Show that $[x]$ is monotonic increasing

Question

$[x]$ is defined as the biggest integer which is $\leq x$. I don't know how I can prove this because I don't know how I can write the assignment rule. $x\rightarrow \text{ integer a for which: } x-1<a\leq x$.

I have to Show if $a>b$ then $[a]\geq[b]$ I have first tried a contradiction proof by assuming that $[a]<[b]$. But it resulted to nothing.

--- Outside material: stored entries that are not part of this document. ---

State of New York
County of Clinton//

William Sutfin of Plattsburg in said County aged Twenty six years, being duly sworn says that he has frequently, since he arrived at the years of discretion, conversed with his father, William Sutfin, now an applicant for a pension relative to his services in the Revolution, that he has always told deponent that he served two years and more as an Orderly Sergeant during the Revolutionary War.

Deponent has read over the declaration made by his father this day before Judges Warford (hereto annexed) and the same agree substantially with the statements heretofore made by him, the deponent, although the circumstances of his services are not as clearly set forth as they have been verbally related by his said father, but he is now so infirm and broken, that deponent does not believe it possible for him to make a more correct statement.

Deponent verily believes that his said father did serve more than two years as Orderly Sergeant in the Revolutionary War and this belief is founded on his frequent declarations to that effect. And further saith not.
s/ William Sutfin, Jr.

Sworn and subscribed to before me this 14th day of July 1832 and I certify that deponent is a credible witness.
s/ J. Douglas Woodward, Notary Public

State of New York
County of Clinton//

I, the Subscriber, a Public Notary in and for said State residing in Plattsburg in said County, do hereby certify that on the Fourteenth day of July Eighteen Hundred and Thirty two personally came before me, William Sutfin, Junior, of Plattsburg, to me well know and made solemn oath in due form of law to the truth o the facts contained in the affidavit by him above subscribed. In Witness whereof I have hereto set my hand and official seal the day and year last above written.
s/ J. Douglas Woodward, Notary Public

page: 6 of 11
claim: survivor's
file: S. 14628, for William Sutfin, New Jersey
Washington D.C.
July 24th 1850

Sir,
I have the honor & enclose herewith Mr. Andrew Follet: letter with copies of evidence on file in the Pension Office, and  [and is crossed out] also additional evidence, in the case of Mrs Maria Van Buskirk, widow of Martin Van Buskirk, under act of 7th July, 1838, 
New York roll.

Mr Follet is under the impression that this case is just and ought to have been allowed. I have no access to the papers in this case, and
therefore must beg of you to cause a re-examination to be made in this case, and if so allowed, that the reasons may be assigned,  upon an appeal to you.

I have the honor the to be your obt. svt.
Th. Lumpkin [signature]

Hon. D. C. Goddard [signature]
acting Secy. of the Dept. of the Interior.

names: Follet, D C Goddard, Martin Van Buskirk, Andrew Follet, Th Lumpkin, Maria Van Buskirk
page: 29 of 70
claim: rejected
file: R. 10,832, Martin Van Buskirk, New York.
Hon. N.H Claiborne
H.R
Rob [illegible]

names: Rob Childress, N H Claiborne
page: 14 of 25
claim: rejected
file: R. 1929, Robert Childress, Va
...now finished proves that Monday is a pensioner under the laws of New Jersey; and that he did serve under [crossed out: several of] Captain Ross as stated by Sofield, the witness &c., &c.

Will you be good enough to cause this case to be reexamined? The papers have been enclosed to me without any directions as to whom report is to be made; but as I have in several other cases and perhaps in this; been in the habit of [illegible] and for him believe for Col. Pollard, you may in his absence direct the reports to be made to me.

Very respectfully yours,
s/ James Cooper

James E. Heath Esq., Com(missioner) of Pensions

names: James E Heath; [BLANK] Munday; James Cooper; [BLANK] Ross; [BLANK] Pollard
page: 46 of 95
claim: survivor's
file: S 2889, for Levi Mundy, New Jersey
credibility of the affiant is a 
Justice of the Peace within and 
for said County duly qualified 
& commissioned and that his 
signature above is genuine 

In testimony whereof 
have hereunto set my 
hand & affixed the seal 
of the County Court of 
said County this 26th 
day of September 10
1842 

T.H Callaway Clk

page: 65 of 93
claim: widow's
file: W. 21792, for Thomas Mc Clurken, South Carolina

I have tried a constructive proof then:

We know $a>b$. Then we can directly say that $b-1<a-1<[a]\leq a$ Also we know that $ [b]<a$. I know that if $b-1<[b]\leq a-1$. Then $[b]<[a]$, but how can I proof that if $a-1<b<a$ then $[a]=[b]$? Is there an easy proof that there can not be two integers at the same time in this interval?

Answer 1

So, according to your definition, $$[x] = \max \{ n \in \Bbb{Z} : n \le x \}$$ Note that if $x \le y$, then $$\{ n \in \Bbb{Z} : n \le x \} \subseteq \{ n \in \Bbb{Z} : n \le y \}.$$ (Prove this for yourself!). Therefore, the max of the RHS, $[y]$, is an upper bound on the LHS. Since $[x]$ is the least upper bound on the LHS, we have $[x] \le [y]$.

Answer 2

Let $a,b \in \mathbb{R}$ with $a < b$. By definition, $[a]$ is the largest integer such that $[a] \leq a$. Because $a < b$, it immediately follows that $[a] < b$. Since $[a]$ is an integer with $[a] \leq b$, the very definition of $[b]$ ensures that $[a] \leq [b]$.

Answer 3

Let $x,y\in\mathbb R$ be such that $x\le y$.

We have $\lfloor x\rfloor\le x\le y$. However, $\lfloor y\rfloor$ is the biggest integer which is $\le y$. Since $\lfloor x\rfloor\le y$ and $\lfloor x\rfloor$ is an integer, we have $\lfloor x\rfloor\le\lfloor y\rfloor$.